* _AIM OF THE EXERCISE_:
Looking at the data below, state how many lines contain "bold". No other words are wanted.

* _EXERCISE INPUTS_:
⟨

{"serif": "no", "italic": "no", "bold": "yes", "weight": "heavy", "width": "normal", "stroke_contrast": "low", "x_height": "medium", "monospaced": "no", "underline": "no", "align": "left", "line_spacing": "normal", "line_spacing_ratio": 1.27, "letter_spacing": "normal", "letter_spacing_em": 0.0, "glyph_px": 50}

⟩
⟨

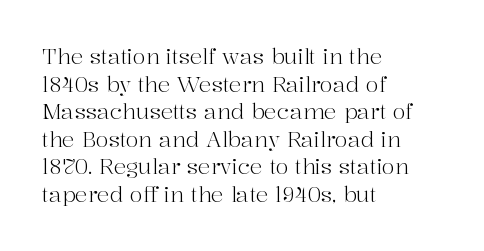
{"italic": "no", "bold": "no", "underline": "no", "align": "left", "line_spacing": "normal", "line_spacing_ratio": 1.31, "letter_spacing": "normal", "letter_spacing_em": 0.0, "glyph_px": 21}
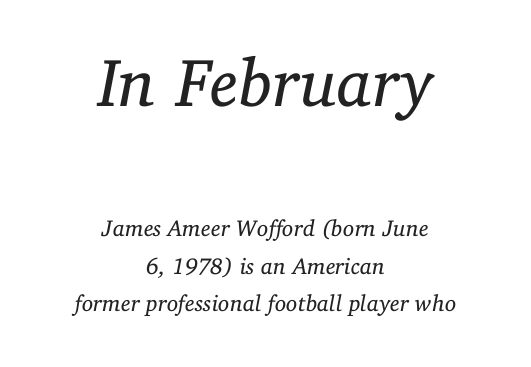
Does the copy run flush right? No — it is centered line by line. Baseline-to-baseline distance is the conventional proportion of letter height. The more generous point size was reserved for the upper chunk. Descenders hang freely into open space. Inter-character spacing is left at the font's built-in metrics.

⟩
⟨

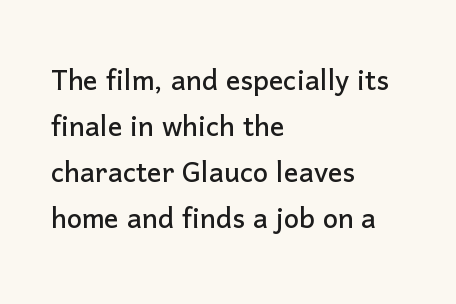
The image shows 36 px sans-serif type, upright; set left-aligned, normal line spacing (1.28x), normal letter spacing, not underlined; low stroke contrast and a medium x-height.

⟩

* _RESPONSE TO THIS TASK_:
2